Exercise brief:
Once you reach the line containing "main class: Cropland", write out that line and every remaining line of the records exactly.

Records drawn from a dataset
********

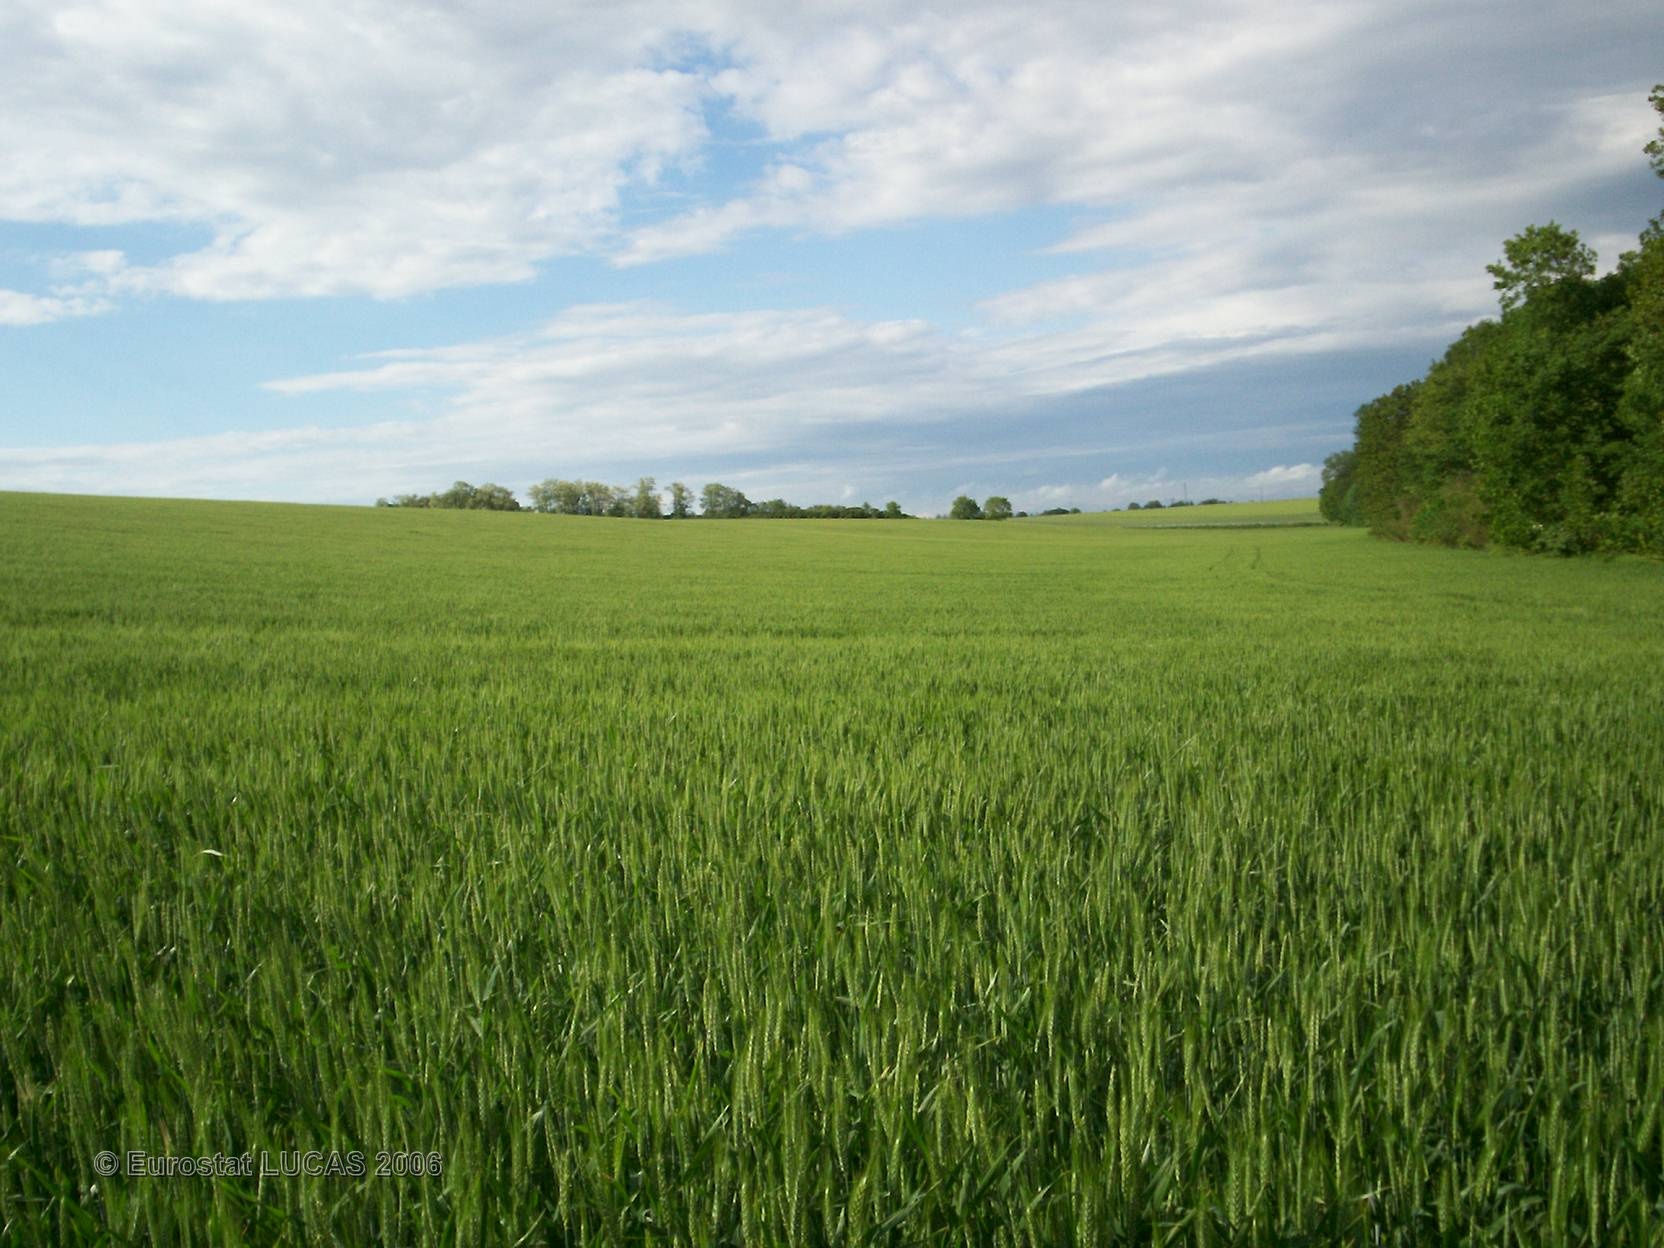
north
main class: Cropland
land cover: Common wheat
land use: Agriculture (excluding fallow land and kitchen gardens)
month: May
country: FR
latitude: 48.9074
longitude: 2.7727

********

Exercise output:
main class: Cropland
land cover: Common wheat
land use: Agriculture (excluding fallow land and kitchen gardens)
month: May
country: FR
latitude: 48.9074
longitude: 2.7727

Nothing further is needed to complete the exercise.